- Born: August 5, 1953 Yorkton, Saskatchewan, Canada
- Died: October 26, 2014 (aged 61) Calgary, Alberta, Canada
- Education: University of Alberta University of Calgary
- Occupation: political strategist
- Known for: Former chief of staff for Ralph Klein
- Spouse: Charlene
- Children: 3

= Rod Love =

Canadian political strategist

Roderick Michael Love (August 5, 1953 – October 26, 2014) was a Canadian political strategist. He served as chief of staff to Ralph Klein during Klein's tenure as Mayor of Calgary and Premier of Alberta.

==Political career==
He was born in Yorkton, Saskatchewan, in 1953. In 1992, he ran in the Calgary-Buffalo by-election as Progressive Conservative, receiving just 15% of the vote. In 1998, he established Rod Love Consulting Inc.
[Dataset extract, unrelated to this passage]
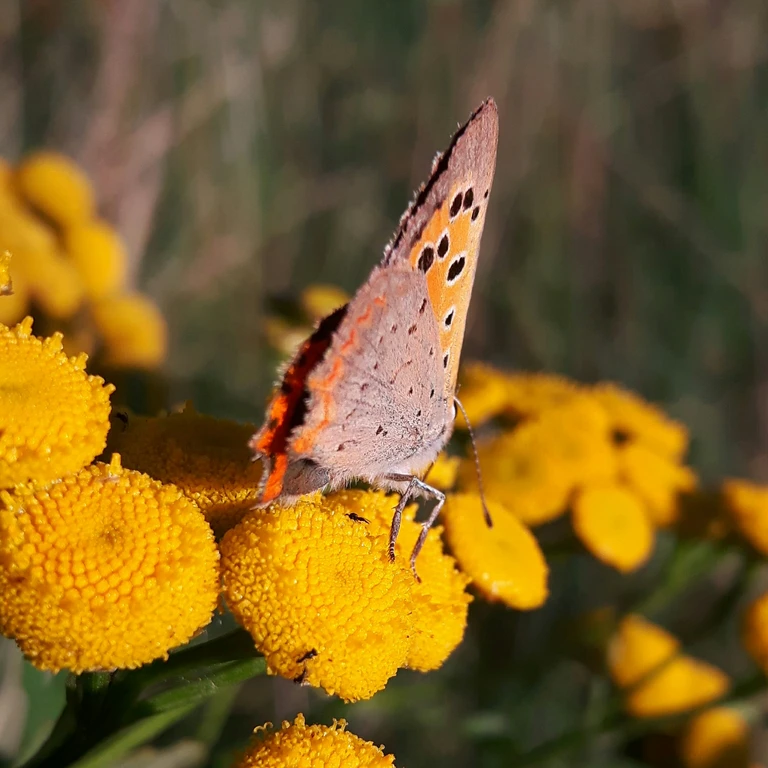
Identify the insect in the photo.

Love attended the University of Alberta and the University of Calgary and was a member of the board of governors of the University of Calgary and the Canada West Foundation.

In 2012, Love was a co-host with Karin Klassen of Type A, a CBC Radio One talk show about the Canadian economy. He died at home surrounded by his family on October 26, 2014, of pancreatic cancer, aged 61.